Let's draw the right conclusions. Cannabis is dangerous. We ignore it at our peril.
Antonio Maria Costa is executive director of the United Nations Office on Drugs and Crime.
Actually, just last year two dutch dock workers got hit by a falling crate containing 1 ton of Jack Herer. They probably were the first to die from weed overdose, but can you safely say they were the last?
We must be from the same era.
My friends and I would pitch in $5 apiece and get a lid fo $20.
Once in awhile, we could scrape together the $40 for a bag of *gasp* Columbian.
Would you call "fatally overdosing" a characteristic of a drug? I guess so. Yet you favor the legalization of heroin.
"Actually, Ken H has shown that drug addiction is higher in war-on-drug meccas like Singapore than it is in the USA."
KenH being the foremost expert on the subject, or a way for you to make a claim without taking responsibility for it? The latter, I'm guessing.
KenH is comparing two different cultures and claiming significance. That's like saying saki use in Japan is higher than in the U.S. because of Japanese laws.
It was written by someone who obviously has never done a bong hit.
You know that.
Dosage is of course irrelevant. The "worst case scenario" is the baseline, and it only gets worse from there.
I'd call the (im)possibility of producing a fatal overdose a characteristic of a drug.
I guess so. Yet you favor the legalization of heroin.
How is that relevant to the author's moronic claim that "The characteristics of cannabis are no longer that different from those of other plant-based drugs, such as cocaine and heroin"? Do you agree with that claim?
Actually, Ken H has shown that drug addiction is higher in war-on-drug meccas like Singapore than it is in the USA.

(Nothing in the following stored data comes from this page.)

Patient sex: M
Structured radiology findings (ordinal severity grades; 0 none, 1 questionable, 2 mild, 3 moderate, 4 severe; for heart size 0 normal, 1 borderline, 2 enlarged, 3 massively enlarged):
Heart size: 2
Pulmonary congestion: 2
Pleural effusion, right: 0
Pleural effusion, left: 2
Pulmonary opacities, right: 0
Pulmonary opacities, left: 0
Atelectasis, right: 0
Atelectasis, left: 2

KenH being the foremost expert on the subject, or a way for you to make a claim without taking responsibility for it?
Ken H having collected and presented the data. (Doesn't make him the "foremost" expert ... but more so than either of us.)

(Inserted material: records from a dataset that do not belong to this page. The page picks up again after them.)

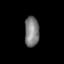
Tissue: lung
Cell type: Endothelial cells
Senescence score: 0.7501
Nuclear area (px): 428
Mean DAPI intensity: 126.657
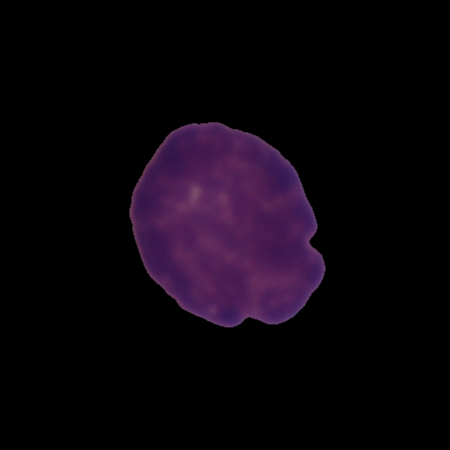
Label: healthy
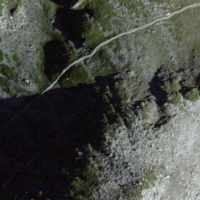
EUNIS habitat code: 48
Species observed at this site:
Hedysarum hedysaroides
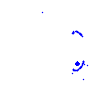
Particle: electron
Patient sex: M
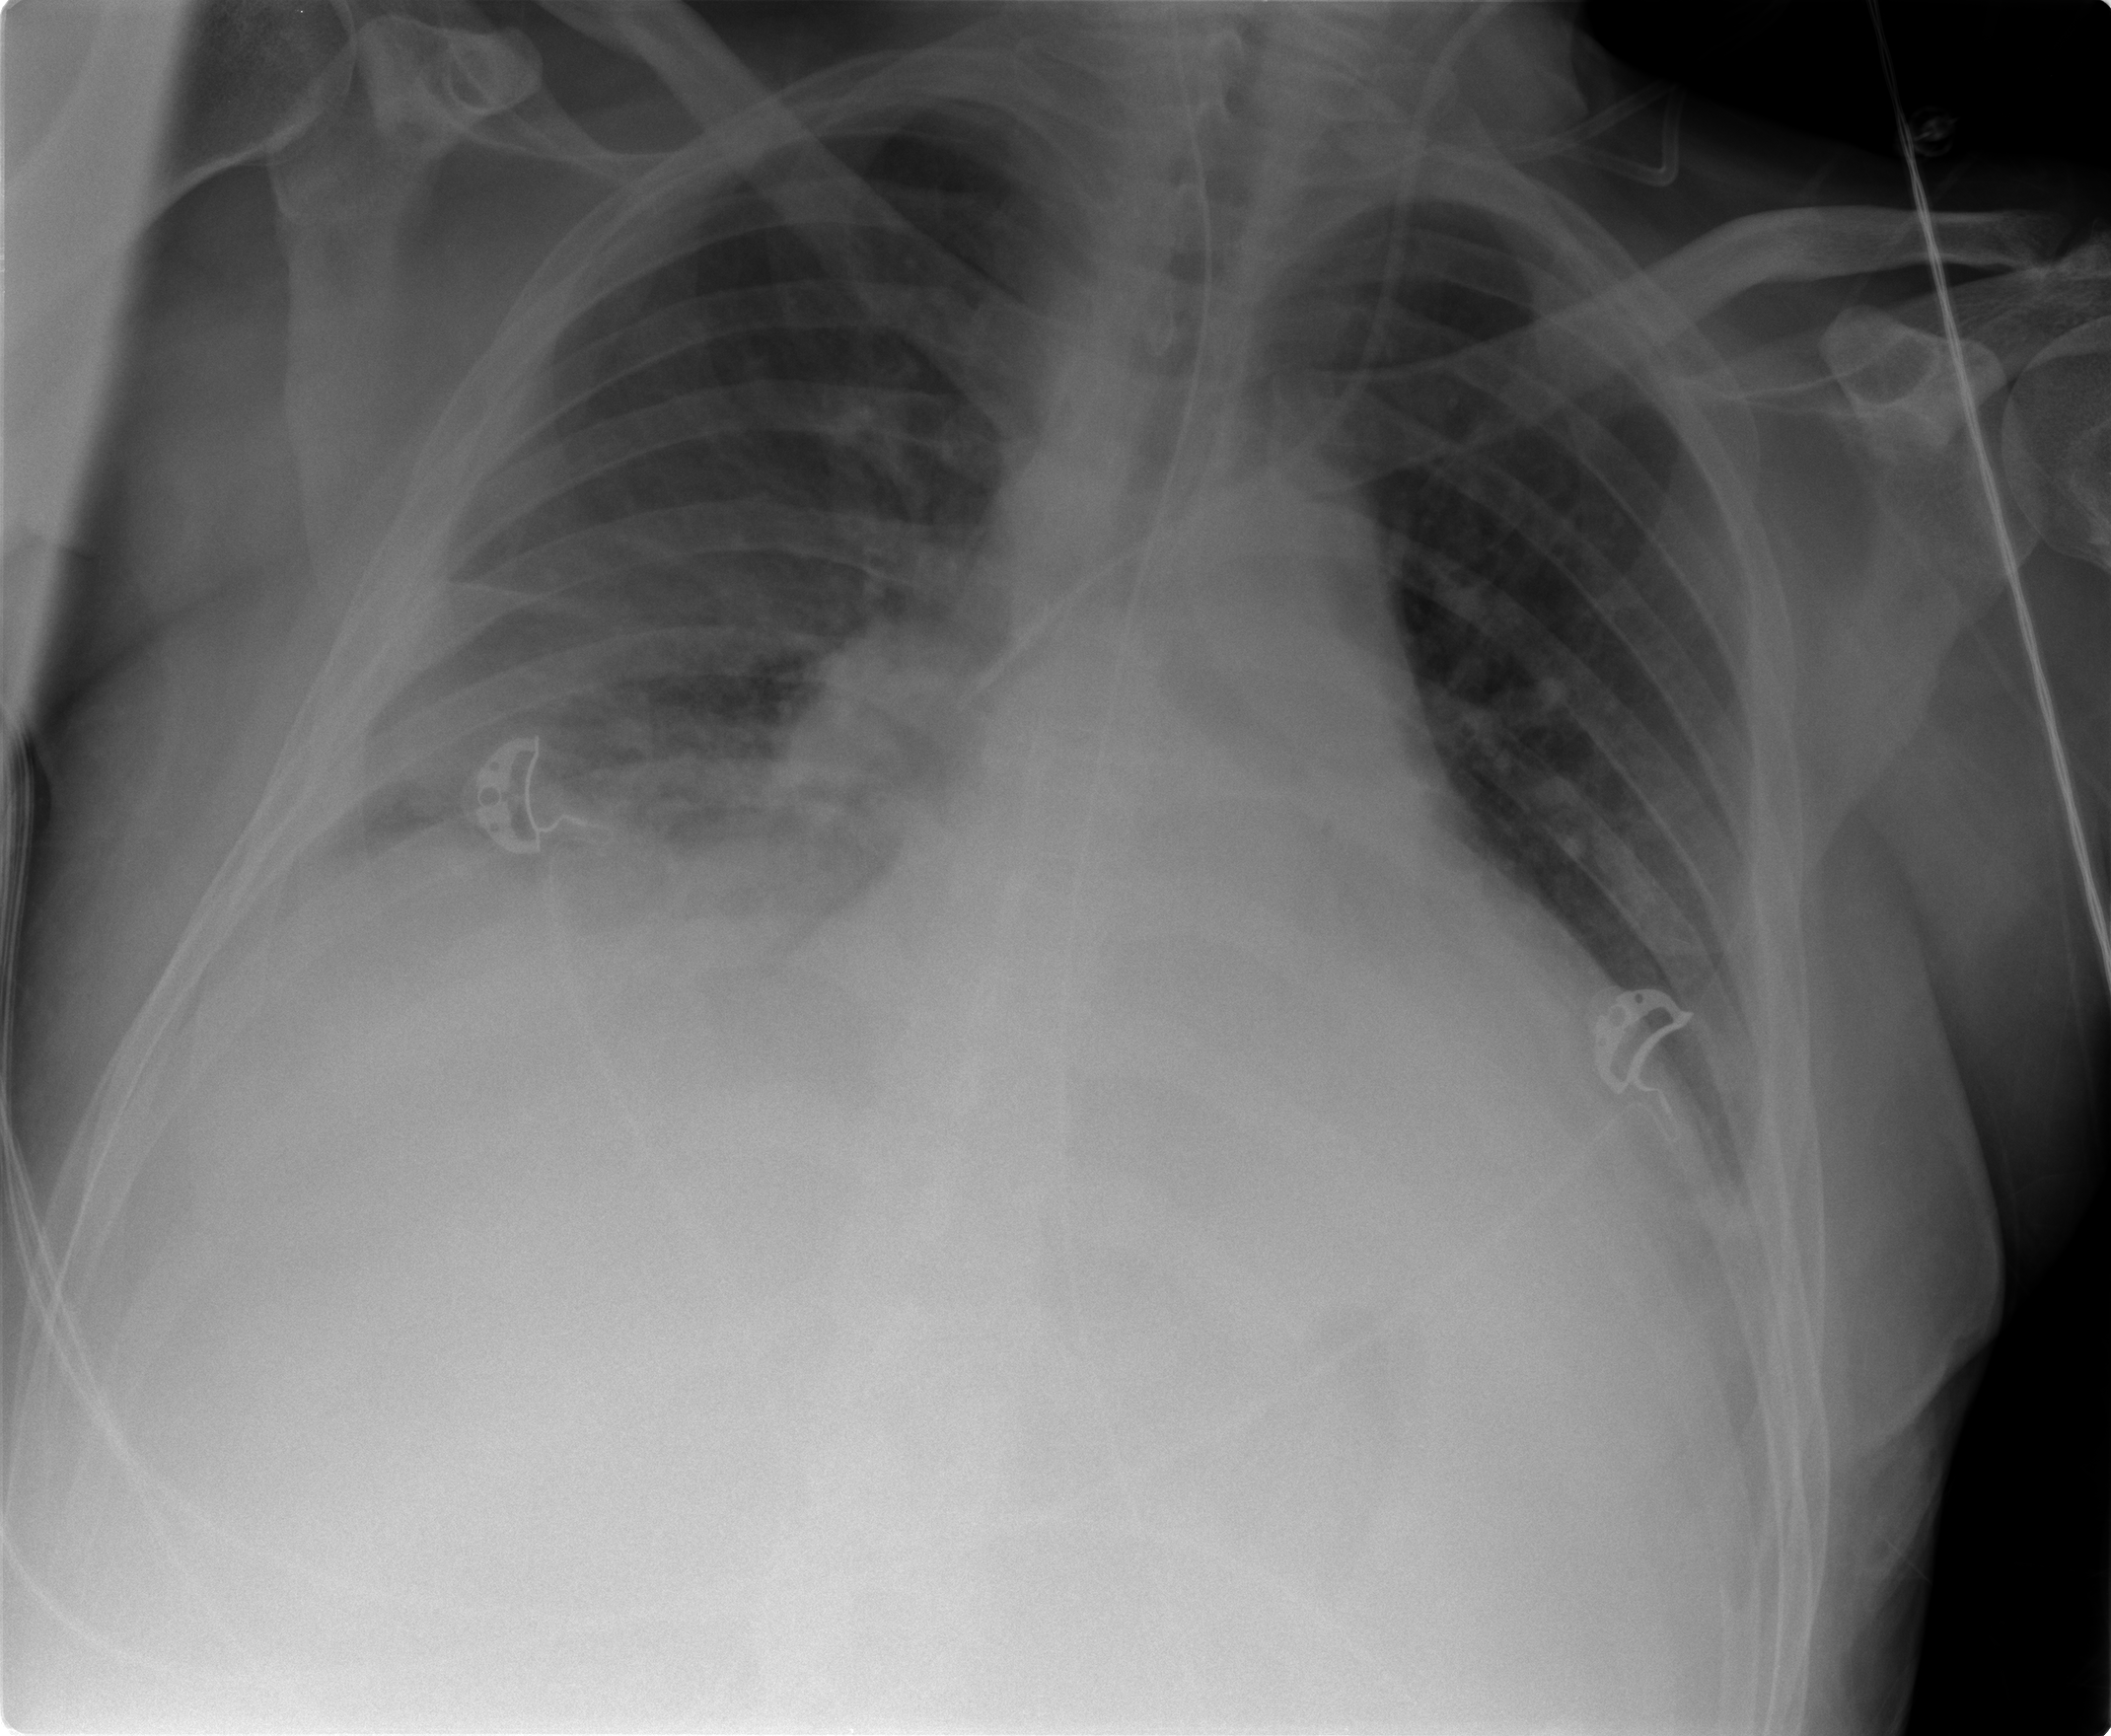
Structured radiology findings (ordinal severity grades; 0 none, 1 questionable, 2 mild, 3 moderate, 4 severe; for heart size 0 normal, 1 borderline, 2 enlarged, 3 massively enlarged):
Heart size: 2
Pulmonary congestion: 2
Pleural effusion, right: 3
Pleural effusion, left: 2
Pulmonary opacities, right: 2
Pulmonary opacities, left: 1
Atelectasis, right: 2
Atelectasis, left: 2

KenH is comparing two different cultures and claiming significance.
I think Ken H is pointing out that cross-cultural evidence does not support the idea that "drug control works." But unlike you, I don't presume to put words in Ken H's mouth.

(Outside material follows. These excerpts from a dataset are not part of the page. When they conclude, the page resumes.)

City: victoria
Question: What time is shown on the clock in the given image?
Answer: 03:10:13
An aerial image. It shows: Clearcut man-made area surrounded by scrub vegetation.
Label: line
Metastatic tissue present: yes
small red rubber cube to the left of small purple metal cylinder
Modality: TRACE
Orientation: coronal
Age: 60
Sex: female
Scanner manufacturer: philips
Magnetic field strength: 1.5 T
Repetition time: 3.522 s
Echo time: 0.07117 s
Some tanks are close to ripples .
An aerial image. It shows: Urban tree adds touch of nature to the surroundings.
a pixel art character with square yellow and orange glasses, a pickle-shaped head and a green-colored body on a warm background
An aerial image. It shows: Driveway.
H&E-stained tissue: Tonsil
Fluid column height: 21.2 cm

Dirt Weed Man!! Now, for nostalgia, how about $35 for a 5 finger lid of the Columbian......dat wuz sweeeet!
This one brought out the usual freeper suspects and marijuana users. LOL.
Gosh , I guess the BC & Amsterdam pot smokers must be flooding the emergency rooms & morgues, smoking all that powerful weed.
What? Their not? I did hear that piazza delivery orders are up in both locations!
I'm saying that I'm confident that "This will put you in pieces, then reduce you to rubble -- maybe quicksand if you go too far" is laughable hype, not a basis for a sound pro-pot-ban argument.
Naw ... A CA Guy hasn't chimed in yet to proclaim the article's brilliance.
and marijuana users.
Which of the posters to this thread are marijuana users, and how do you know? Or are you just smearing advocates of liberty?
Have anything to say about the article, or are you just here to insult people?
UN bureaucrats claiming the sky is falling get their due.
It was a joke. Please go take a GIANT toke on your bong and mellow out. Loosen the wedgie up a few notches also.
As my husband says, it's pathetic that at our age, when we talk about offering our guests some great Colombian after dinner.... it's just coffee. :)
Which might be significant if the author stated, "The characteristics of cannabis are no longer that different from those of other plant-based drugs, such as cocaine and heroin."
Go away.
"I think Ken H is pointing out that cross-cultural evidence does not support the idea that "drug control works."
How do you conclude that from "drug addiction is higher"? Drug control in Singapore could very well be working, just that drug addiction in Singapore is higher than in the U.S.
Heroin addiction is higher in Baltimore than in Chicago. What does that have to do with our drug control laws?
P.S. No one authorized you to be Thread Nanny Cop. When I feel I need a little 'scold' nipping at my ankles, I'll ping you. Till then, butt out!